Theoretical computer science from the outside

I have recently made some critical comments on blogs in the “theoretical computer science” area. One feature of blogs is that they encourage rapid dissemination. Unfortunately it is easy to write inaccurately, and I don’t want to offend unnecessarily. So here is an attempt to set out the argument better. It is an opinion, based on a few years of observation, but I don’t claim to be able to convince anyone by proof. I spent a relatively long time to write it, and now need to get back to doing research instead of talking about it!

Background: I come from a pure math (abstract algebra) background, moved into combinatorics (mostly generating functions) and also like to work on social choice and analysis of algorithms. I work in a computer science department and teach courses in “theoretical computer science”, mostly algorithms. I have enjoyed learning what little I know now about TCS, but I still consider myself primarily a mathematician.

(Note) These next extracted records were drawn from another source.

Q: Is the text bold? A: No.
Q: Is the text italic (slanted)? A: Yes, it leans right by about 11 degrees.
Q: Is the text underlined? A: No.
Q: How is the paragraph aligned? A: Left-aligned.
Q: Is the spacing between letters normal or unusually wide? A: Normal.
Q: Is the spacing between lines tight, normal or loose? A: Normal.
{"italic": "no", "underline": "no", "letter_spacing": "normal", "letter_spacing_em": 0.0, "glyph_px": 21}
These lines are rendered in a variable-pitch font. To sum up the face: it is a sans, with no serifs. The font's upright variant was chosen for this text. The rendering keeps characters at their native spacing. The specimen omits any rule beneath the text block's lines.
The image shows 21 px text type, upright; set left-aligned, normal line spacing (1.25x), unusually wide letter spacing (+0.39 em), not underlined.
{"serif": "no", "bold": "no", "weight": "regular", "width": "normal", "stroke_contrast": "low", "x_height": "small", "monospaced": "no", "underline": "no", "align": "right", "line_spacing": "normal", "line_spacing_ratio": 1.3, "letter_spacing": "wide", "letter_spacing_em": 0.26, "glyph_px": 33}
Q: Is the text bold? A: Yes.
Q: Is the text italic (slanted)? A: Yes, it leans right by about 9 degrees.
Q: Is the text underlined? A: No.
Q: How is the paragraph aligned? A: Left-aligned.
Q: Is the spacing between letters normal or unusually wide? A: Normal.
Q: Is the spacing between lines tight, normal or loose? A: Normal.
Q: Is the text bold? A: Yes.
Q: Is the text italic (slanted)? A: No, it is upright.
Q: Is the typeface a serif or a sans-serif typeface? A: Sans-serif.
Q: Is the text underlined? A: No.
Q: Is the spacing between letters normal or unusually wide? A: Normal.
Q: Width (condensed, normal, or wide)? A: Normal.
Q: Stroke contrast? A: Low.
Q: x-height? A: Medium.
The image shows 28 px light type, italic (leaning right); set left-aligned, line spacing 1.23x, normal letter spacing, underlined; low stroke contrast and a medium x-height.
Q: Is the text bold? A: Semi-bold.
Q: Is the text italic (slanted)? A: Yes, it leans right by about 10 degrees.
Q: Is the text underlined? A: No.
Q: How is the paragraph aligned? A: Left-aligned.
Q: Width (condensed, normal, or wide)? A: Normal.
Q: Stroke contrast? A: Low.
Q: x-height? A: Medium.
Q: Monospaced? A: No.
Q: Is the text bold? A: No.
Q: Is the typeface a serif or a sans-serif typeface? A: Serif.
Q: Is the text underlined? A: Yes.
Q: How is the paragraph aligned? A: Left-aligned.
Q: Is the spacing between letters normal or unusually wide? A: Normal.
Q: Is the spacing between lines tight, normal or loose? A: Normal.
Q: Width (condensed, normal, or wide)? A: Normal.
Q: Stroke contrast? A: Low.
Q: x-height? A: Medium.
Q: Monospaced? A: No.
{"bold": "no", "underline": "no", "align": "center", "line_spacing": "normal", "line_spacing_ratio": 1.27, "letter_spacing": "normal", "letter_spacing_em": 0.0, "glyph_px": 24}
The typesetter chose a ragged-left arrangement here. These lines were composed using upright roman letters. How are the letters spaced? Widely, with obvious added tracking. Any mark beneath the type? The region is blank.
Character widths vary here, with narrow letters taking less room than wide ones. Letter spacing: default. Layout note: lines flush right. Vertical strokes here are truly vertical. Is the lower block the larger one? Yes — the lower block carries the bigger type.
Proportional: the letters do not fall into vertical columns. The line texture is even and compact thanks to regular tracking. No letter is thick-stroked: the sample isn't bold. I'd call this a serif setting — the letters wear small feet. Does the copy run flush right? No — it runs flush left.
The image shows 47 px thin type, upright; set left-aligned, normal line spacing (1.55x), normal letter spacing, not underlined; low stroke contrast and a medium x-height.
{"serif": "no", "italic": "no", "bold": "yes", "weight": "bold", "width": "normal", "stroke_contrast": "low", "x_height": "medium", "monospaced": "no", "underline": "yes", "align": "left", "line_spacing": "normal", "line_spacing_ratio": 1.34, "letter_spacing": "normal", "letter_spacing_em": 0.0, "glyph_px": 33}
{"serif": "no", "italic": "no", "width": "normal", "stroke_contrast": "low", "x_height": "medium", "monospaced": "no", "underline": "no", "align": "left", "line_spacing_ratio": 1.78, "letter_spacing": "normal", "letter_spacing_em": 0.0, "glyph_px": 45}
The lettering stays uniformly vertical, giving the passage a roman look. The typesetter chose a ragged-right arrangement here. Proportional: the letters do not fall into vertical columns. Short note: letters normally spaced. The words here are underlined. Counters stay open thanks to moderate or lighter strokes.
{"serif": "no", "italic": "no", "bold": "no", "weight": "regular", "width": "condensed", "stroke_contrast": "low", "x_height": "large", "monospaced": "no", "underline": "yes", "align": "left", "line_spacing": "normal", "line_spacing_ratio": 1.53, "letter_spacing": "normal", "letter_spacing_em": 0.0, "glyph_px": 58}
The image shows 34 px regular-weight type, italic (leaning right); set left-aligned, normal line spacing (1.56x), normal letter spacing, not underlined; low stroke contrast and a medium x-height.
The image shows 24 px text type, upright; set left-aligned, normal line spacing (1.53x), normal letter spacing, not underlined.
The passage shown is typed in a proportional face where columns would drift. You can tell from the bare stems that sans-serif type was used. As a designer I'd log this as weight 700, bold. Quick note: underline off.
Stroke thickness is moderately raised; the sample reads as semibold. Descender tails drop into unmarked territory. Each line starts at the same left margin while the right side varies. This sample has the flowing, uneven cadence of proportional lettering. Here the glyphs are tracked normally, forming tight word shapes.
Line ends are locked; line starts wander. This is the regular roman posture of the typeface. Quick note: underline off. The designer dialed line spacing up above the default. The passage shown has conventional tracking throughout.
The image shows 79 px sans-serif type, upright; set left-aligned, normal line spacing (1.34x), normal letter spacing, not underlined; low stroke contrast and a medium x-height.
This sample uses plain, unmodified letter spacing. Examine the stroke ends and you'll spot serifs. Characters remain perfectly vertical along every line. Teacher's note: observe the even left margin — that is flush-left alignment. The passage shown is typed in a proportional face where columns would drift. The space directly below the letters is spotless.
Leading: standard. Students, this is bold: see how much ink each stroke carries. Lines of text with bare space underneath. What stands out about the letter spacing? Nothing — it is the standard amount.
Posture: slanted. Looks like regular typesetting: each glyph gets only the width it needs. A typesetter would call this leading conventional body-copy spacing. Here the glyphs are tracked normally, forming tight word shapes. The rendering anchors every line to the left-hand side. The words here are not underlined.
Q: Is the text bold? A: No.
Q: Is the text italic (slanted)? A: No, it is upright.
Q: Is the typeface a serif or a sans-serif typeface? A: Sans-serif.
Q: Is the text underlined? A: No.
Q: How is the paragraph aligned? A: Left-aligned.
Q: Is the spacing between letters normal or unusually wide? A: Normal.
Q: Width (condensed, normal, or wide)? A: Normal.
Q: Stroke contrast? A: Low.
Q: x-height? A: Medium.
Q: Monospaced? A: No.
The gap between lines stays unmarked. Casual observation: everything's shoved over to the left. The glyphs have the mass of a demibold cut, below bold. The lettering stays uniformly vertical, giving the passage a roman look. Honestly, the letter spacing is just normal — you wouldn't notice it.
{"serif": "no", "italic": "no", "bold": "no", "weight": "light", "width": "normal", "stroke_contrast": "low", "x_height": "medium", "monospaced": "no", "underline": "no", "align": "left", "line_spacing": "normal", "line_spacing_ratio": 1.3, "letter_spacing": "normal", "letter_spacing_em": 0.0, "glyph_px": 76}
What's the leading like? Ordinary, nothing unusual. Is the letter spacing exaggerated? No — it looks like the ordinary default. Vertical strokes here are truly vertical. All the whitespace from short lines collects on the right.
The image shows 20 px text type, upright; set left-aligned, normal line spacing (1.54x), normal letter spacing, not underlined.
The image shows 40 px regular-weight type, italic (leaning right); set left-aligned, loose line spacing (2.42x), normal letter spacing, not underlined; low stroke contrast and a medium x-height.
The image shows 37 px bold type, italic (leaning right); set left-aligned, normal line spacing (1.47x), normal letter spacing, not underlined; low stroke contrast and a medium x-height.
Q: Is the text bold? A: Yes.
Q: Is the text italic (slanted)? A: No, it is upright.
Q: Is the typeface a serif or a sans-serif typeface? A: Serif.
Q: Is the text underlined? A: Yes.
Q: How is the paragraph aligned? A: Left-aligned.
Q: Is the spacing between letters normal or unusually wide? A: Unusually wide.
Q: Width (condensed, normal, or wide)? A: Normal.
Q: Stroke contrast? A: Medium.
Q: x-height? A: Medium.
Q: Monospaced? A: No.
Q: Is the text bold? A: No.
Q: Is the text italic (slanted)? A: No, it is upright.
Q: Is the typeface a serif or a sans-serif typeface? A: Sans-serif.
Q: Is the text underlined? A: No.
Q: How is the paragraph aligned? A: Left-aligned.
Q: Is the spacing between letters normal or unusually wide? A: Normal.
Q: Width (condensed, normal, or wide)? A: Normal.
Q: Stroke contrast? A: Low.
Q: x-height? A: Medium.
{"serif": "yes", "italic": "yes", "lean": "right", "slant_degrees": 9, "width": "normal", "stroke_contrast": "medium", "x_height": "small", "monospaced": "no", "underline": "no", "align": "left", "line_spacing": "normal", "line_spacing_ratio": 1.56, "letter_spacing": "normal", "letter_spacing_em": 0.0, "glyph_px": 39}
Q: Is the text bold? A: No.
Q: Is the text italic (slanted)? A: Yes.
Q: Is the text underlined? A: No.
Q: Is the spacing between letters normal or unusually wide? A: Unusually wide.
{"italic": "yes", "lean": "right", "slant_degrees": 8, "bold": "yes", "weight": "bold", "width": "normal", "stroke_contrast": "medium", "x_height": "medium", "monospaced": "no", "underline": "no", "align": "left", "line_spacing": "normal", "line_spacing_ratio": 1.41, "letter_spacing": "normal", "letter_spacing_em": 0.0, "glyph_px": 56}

I have no problem with considering “theoretical computer science” as a branch of mathematics, judged by mathematical standards. However it seems that the TCS community overall doesn’t like to do this, preferring to be considered part of computer science (whatever the latter is, but no time to debate that now). It isn’t clear to me why there even needs to be a separate branch (I don’t really understand “theoretical physics” either). A better classification would be based on the problems studied, not the methodology.

However, given this classification I see some strange features of TCS practice. These observations are not unique to me. Michael Mitzenmacher has discussed some of them in detail in his blog.

  • Too much publication of too few results (an argument strongly made in recent years by Neal Koblitz among others). TCS researchers seem to publish more than mathematicians, and it is very noticeable that they publish many more conference papers and relatively few in journals (broadly speaking, the latter take longer to produce and involve more stringent refereeing, and tend to have fewer errors and omissions). This may not be bad for science overall (as argued often by Michael Mitzenmacher) but it surely makes it difficult when comparing the performance of researchers. Why not publish in a journal with tougher standards of peer review? Blogs, the arXiv, etc all exist, so dissemination of ideas is fairly easy these days – is it necessary to claim that conference presentations really count as publications? I find it particularly annoying that people claim that a journal paper that is a minor variation on a conference paper should also be counted as another publication. Of course, they never admit the “minor” part.
  • Not much link between theory and practice. Theoretical computer scientists prove a lot of theorems, but the mathematical depth of a lot of the papers is not particularly high, in my opinion, compared to what mathematicians publish (and less checking goes on in conference refereeing than for journals). That would be absolutely fine if the papers were also subjected to empirical testing. But how many researchers who devise new algorithms actually have them implemented (if not themselves, by a student, for example)? (This has also been well discussed at My Biased Coin). I find the term “theoretical computer science” a little strange. It should be balanced by “experimental computer science”. Despite the major article in CACM on this (Nov 2007), it is far from clear that such a subject is thriving. Some areas, such as computational complexity, are very hard to test empirically – a result saying that a certain problem is NP-hard doesn’t generate many testable hypotheses, at least not in my brain.
  • Very little attempt at popularization. David Harel’s book Computers Ltd is one of small handful of popular books about big ideas in computer science. Contrast this with the huge number of popular books on (often quite difficult) mathematics. In fact the whole idea that “Computer Science” is a science is not really understood by the public – many conflate it with “I.T.” and the engineering aspects. Given the lack of scientific method discussed above, perhaps this is a fair reflection of reality – but it shouldn’t be.
  • Not much linkage with other areas of CS. I have too many colleagues who don’t know the difference between big-O and big-Omega. Few of them, if any, care about TCS enough to attend a seminar or even a public talk on algorithms given by a great speaker like Bernard Chazelle. And yet TCS ideas are essential for progress in many areas of CS, I have no doubt. This is of course not simply the fault of people in TCS, but in CS generally.
  • Not very unified for such a young field. It looks to me as though “theoretical computer science” roughly encompasses computational complexity (classifying the difficulty of problems), algorithms (finding solutions to problems), and logic/semantics/programming languages. It seems that the last topic has relatively little coverage in the USA (see the comments at Computational Complexity); the first has advanced to a degree that is mostly very far removed from any sort of application (the models it uses are also suspect), and probably should be judged by the standards of mathematicians (in which case it might not do as well as it has to date); the second is mostly split between people who devise complicated (never implemented) algorithms, with basic big-O analysis only,and obsession over the worst case (predominant in the USA), those who analyze to death rather simple algorithms using heavier machinery and “average case” (always the uniform distribution, and more common outside the USA), and those who do experimental analysis (a seemingly small and not well regarded part of the overall community). There is little interaction between these groups. Division of labour is fine – the same person doesn’t have to prove lower bounds, then devise a nice algorithm, then analyse it in Knuth style, then implement it. But these people should be talking more, and it is time to ensure that more progress is made, more efficiently.